NOW: My little one is real proud of himself when he gets the remote in his hands (even though he doesn’t know what to do with it), such is the power of this device.

THEN: If you missed a show – sorry! That was it. The Sound of Music came on at Easter. If you didn’t tape it on your VCR (bonus points for pausing to skip the commercials), well, thanks, Easter Bunny. See you next year. Until VHS rentals – this allowed repeat movie viewing, but that episode of Square Pegs? Once missed, lost forever. Also: if you wanted to know who was that guy in that show, and is he the same guy from the other show? Sorry. Can’t help you. No internet. And that was OK.

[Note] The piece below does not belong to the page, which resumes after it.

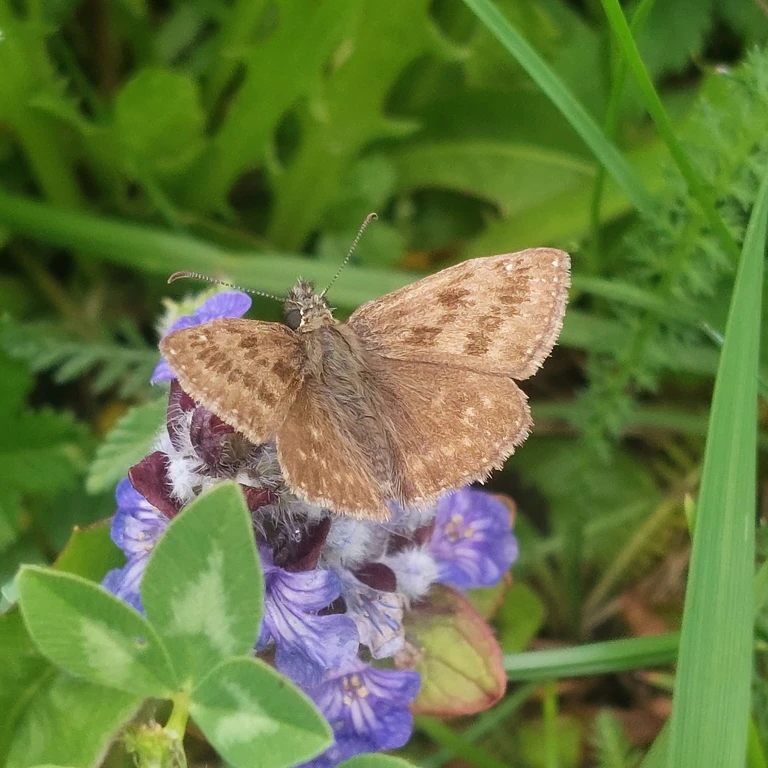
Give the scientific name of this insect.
Erynnis tages

NOW: My son doesn’t understand that even with a DVR, Netflix streaming, Apple TV, Hulu, etc. I cannot conjure up any show at any time. Which is why, when the new Ultimate Spider-Man cartoon premiered a few weeks ago on a Sunday morning, I made a little thing out of it and let him watch it live, giving him the sense that TV could be an event, with other people in their homes watching with the same sense of anticipation as yourself. But that meant he had to watch the commercials, and I have to say: this practice of FF-ing the F-ing commercials I have been doing – that’s some good parenting! Because every commercial was for a toy that it is scientifically proven that he would want. No wonder my mother was so stone-cold – THEN: I watched commercial after unskippable commercial as a child. Did I get a Snoopy Sno-Cone Machine? NO. Did I get Hungry-Hungry Hippos? NO. Easy-Bake Oven? HELL NO. But I did convince her to get Shake n Bake – once.

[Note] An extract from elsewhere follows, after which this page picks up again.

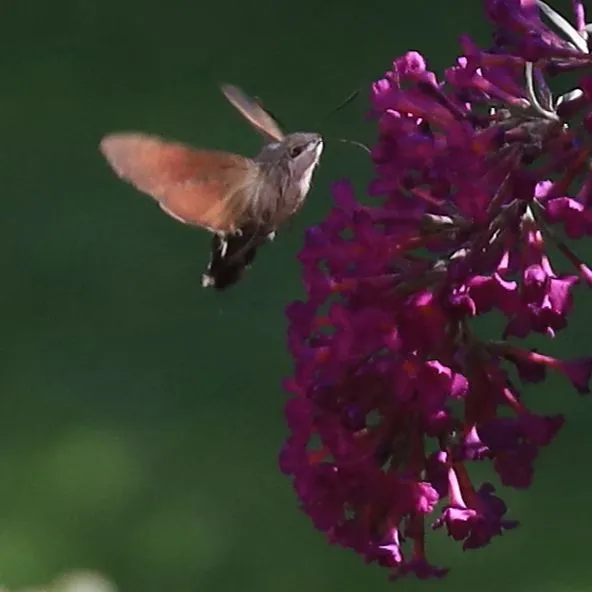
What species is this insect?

THEN: At my elementary school, we watched cartoons in the auditorium instead of playing outside on rainy days. The cartoons we watched were relics from the dawn of the television age. I was telling my Dad this the other day, saying I remember a clown coming out on an ink bottle, for one. “Koko the Clown!” He knew it right away. We also watched Betty Boop. These cartoons weren’t even from my Dad’s generation – they were from the twenties and thirties: HIS father’s generation! They were short films, they weren’t even TV shows! Can you imagine elementary schoolers today sitting in a damp, dark auditorium, watching Howdy Doody, or Roy Rogers? Or watching cartoons at school at all? Or knowing what an inkwell is? What do they do with kids on rainy days now anyway? I guess I’ll find out soon enough.

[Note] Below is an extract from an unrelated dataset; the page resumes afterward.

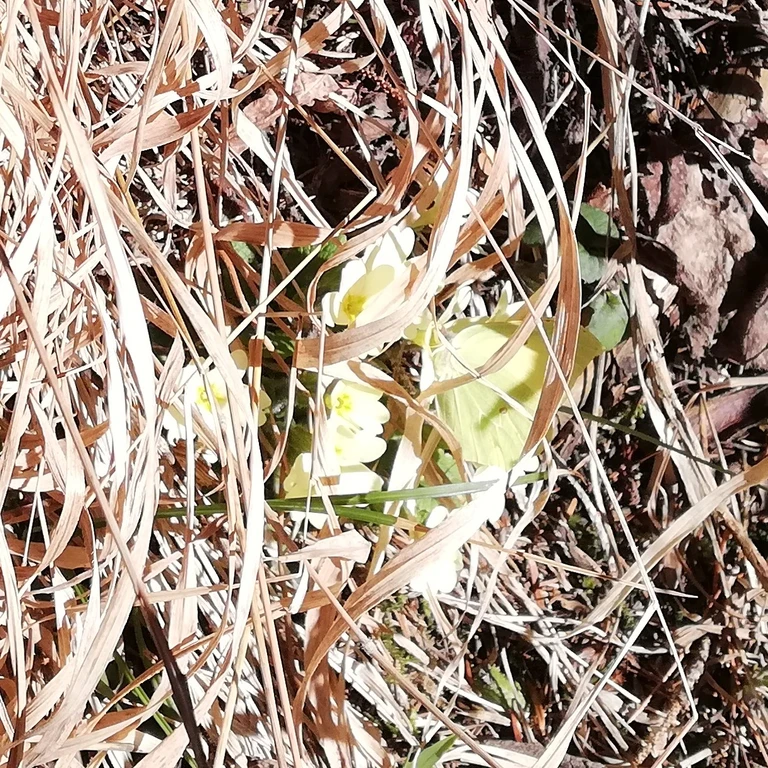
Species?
Gonepteryx rhamni

It seems things – media, technology – are so much more ephemeral now. The connection to a generation before, even with the wealth of information available to us online, seems much more tenuous. THEN: I used cassette tapes to listen to and record music for pretty much all of my childhood and teenage years. I still knew how to operate a record player, and even owned one. NOW: when my older son wants to listen to music (he loves the Beatles, so there’s proof that some things can last. The little one? Ted Nugent. 4eva.), he asks me to turn on the MUSIC XBOX. I have no further comment.

Anyone have any TV memories from childhood they’d like to share? HEAVEN FORBID a few of my dear friends and relations comment on this blog!